7. Final score blend (current weights)
Component z-scores are blended into a rating, then mapped to a display score ≈ 50 + 15·z(rating) (+ H2H):
| Block | Weight | Notes |
|---|---|---|
| Game points (iterative) | 0.55 | Residual so weights sum to 1.0 among GP+Eff+SOS+Record |
| Efficiency (off + def) | 0.21 | Split evenly across O and D |
| SOS (conf-blended) | 0.17 | |
| Record | 0.07 | |
| Preseason prior | 0.05×prior | Additive; decays by week |
8. Tuning history (brief)
- Levers 1–4 — raised SOS/conference role, stronger preseason prior through midseason,
softened quality losses, tightened FCS cupcake wins. Snapshot:
config_before_levers_1_4.yaml. - Late-season tune (2016–2025) — optimized final + end-regular AP Spearman/overlap
(train 2016–19 + 2021–23; holdout 2024–25), protecting a high final #1 match rate.
Snapshot before:
config_before_late_tune.yaml. Details inoutput/decade/late_tune_results.md.

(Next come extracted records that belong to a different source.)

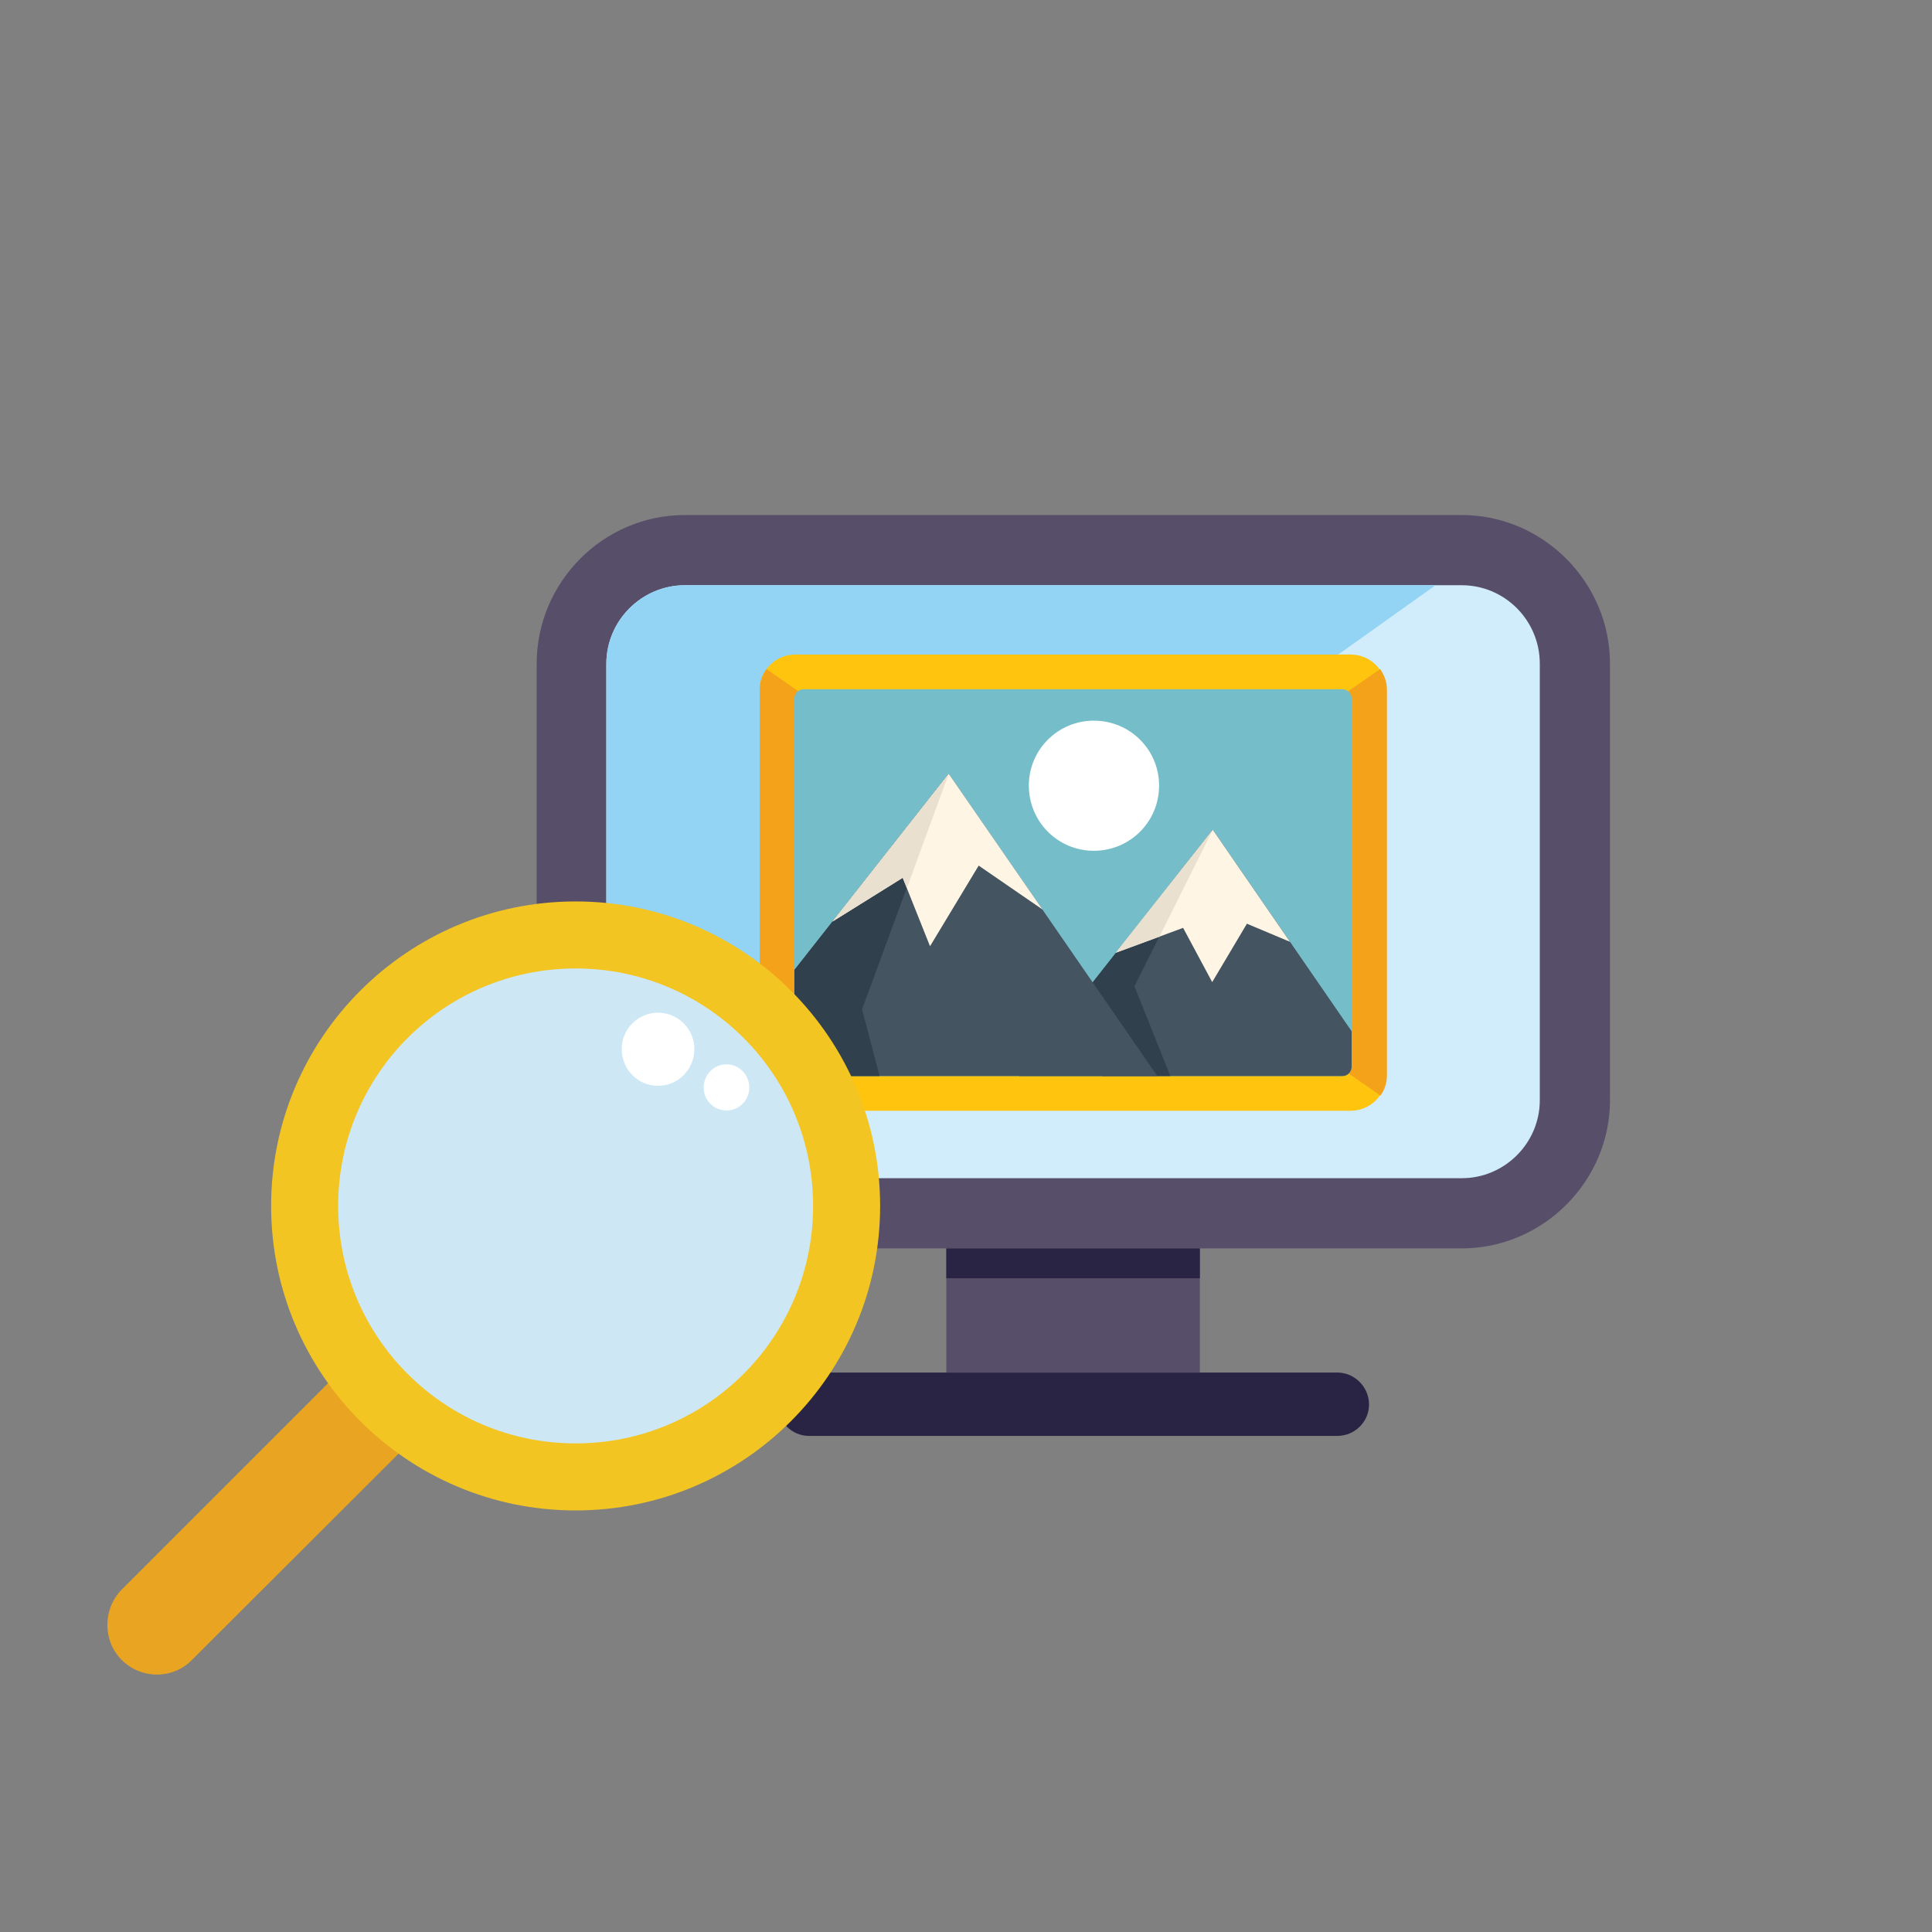 <?xml version="1.0" encoding="UTF-8"?>
<svg id="b" data-name="出品・入札" xmlns="http://www.w3.org/2000/svg" width="90" height="90" viewBox="0 0 90 90">
  <rect x="0" y="0" width="90" height="90" fill="#808080" stroke="none"/>
  <defs>
    <style>
      .c {
        fill: #93d4f5;
      }

      .c, .d, .e, .f, .g, .h, .i, .j, .k, .l, .m, .n, .o, .p, .q {
        fill-rule: evenodd;
      }

      .d {
        fill: #f2c523;
      }

      .e {
        fill: #f5a21b;
      }

      .f {
        fill: #fff;
      }

      .g {
        fill: #455461;
      }

      .h {
        fill: #d1ecfb;
      }

      .r, .p {
        fill: #292443;
      }

      .i {
        fill: #cee7f5;
      }

      .j {
        fill: #fff5e4;
      }

      .k {
        fill: #30404d;
      }

      .l {
        fill: #75bec9;
      }

      .m {
        fill: #e9e0cf;
      }

      .n {
        fill: #e9a521;
      }

      .o, .s {
        fill: #574e69;
      }

      .q {
        fill: #ffc50e;
      }
    </style>
  </defs>
  <g>
    <g>
      <path class="o" d="M31.906,23.992h36.188c3.782,0,6.906,3.124,6.906,6.93v20.327c0,3.782-3.123,6.906-6.906,6.906H31.906c-3.807,0-6.906-3.124-6.906-6.906v-20.327c0-3.807,3.099-6.93,6.906-6.93h0Z"/>
      <path class="h" d="M31.906,27.262c-2.001,0-3.66,1.635-3.66,3.66v20.327c0,2.001,1.659,3.636,3.66,3.636h36.188c2.001,0,3.636-1.635,3.636-3.636v-20.327c0-2.025-1.635-3.66-3.636-3.66H31.906Z"/>
      <path class="c" d="M31.906,27.262c-2.001,0-3.66,1.635-3.66,3.66v20.327c0,1.049.464,2.001,1.196,2.66l37.433-26.647H31.906Z"/>
      <path class="p" d="M37.689,63.938h24.598c.83,0,1.488.683,1.488,1.489h0c0,.805-.659,1.464-1.488,1.464h-24.598c-.805,0-1.464-.659-1.464-1.464h0c0-.805.659-1.489,1.464-1.489h0Z"/>
      <rect class="s" x="44.083" y="58.155" width="11.811" height="5.783"/>
      <rect class="r" x="44.083" y="58.155" width="11.811" height="1.391"/>
    </g>
    <g>
      <path class="q" d="M37.035,30.492h25.889c.912,0,1.659.746,1.659,1.643v17.951c0,.911-.746,1.657-1.659,1.657h-25.889c-.912,0-1.645-.746-1.645-1.657v-17.951c0-.898.733-1.643,1.645-1.643h0Z"/>
      <path class="e" d="M35.694,51.039c-.194-.262-.304-.594-.304-.953v-17.951c0-.359.111-.69.318-.967l14.292,9.928-14.306,9.942Z"/>
      <path class="e" d="M64.306,51.039c.194-.262.304-.594.304-.953v-17.951c0-.359-.124-.69-.318-.967l-14.292,9.928,14.306,9.942Z"/>
      <path class="l" d="M37.436,32.107h25.101c.235,0,.428.193.428.428v17.15c0,.249-.194.442-.428.442h-25.101c-.235,0-.429-.193-.429-.442v-17.15c0-.235.194-.428.429-.428h0Z"/>
      <path class="g" d="M62.965,48.042v1.643c0,.249-.194.442-.428.442h-15.066l9.026-11.475,6.469,9.39Z"/>
      <polygon class="k" points="54.52 50.127 51.355 50.127 49.475 47.573 56.496 38.653 52.847 45.943 54.52 50.127"/>
      <path class="g" d="M53.912,50.127h-16.476c-.235,0-.429-.193-.429-.442v-4.501l7.188-9.141,9.717,14.084Z"/>
      <path class="k" d="M40.974,50.127h-3.538c-.235,0-.429-.193-.429-.442v-4.501l7.188-9.141-4.036,10.978.816,3.107Z"/>
      <polygon class="j" points="38.776 42.933 42.052 40.89 43.324 44.079 45.591 40.323 48.562 42.367 44.195 36.043 38.776 42.933"/>
      <polygon class="m" points="38.776 42.933 42.052 40.89 42.246 41.373 44.195 36.043 38.776 42.933"/>
      <polygon class="j" points="51.977 44.383 55.114 43.223 56.469 45.75 58.086 43.03 60.09 43.872 56.496 38.653 51.977 44.383"/>
      <polygon class="m" points="51.977 44.383 54.008 43.637 56.496 38.653 51.977 44.383"/>
      <path class="f" d="M50.954,33.571c1.686,0,3.041,1.353,3.041,3.024,0,1.685-1.355,3.038-3.041,3.038-1.672,0-3.027-1.353-3.027-3.038,0-1.671,1.355-3.024,3.027-3.024h0Z"/>
    </g>
  </g>
  <g>
    <path class="n" d="M22.065,60.949h0c.889.889.889,2.364,0,3.275l-13.122,13.101c-.889.911-2.364.911-3.275,0h0c-.889-.889-.889-2.364,0-3.275l13.101-13.101c.911-.911,2.386-.911,3.297,0h0Z"/>
    <path class="d" d="M26.815,41.992c7.83,0,14.185,6.355,14.185,14.185s-6.355,14.185-14.185,14.185-14.185-6.355-14.185-14.185,6.355-14.185,14.185-14.185h0Z"/>
    <path class="i" d="M26.815,45.115c6.116,0,11.062,4.945,11.062,11.062s-4.945,11.062-11.062,11.062-11.062-4.945-11.062-11.062,4.945-11.062,11.062-11.062h0Z"/>
    <path class="f" d="M30.654,47.176c.933,0,1.692.759,1.692,1.692,0,.954-.759,1.714-1.692,1.714-.933,0-1.692-.759-1.692-1.714,0-.933.759-1.692,1.692-1.692h0Z"/>
    <path class="f" d="M33.842,49.583c.586,0,1.063.477,1.063,1.085,0,.586-.477,1.063-1.063,1.063s-1.063-.477-1.063-1.063c0-.607.477-1.085,1.063-1.085h0Z"/>
  </g>
</svg>

Weights were kept modest to reduce single-year overfitting. Early-season agreement was not the optimization target.
9. Preseason = Coaches Poll
The preseason board sets ranks 1–25 equal to the AFCA Coaches Poll. After Week 1 games, the full model runs with Coaches as a decaying prior. Post–Week-1 boards are not forced to any poll.
10. Biggest Win (current season)
On the 2026 Top 25, Biggest Win is the win vs the highest-quality opponent (best/lowest converged model rank that week). Ties → higher game_points, then later week.
11. Limitations
- Early season noise — few games, large prior influence, volatile opponent estimates. Week 1–4 Spearman vs AP can be low or negative even when late-season agreement is strong.
- 2020 — pandemic schedules and missing ESPN team-stats; treat midseason metrics with caution.
- Poll ≠ algorithm — AP voters weigh narrative, “looked good,” and conference reputation. Systematic disagreements (model higher on tough-schedule teams, lower on soft undefeateds) are expected, not bugs.
- No injury / market / advanced tracking inputs — only box scores, standings-derived averages, and preseason AP.
- FCS and G5/P4 — handled via multipliers and SOS, not a separate power-conference prior.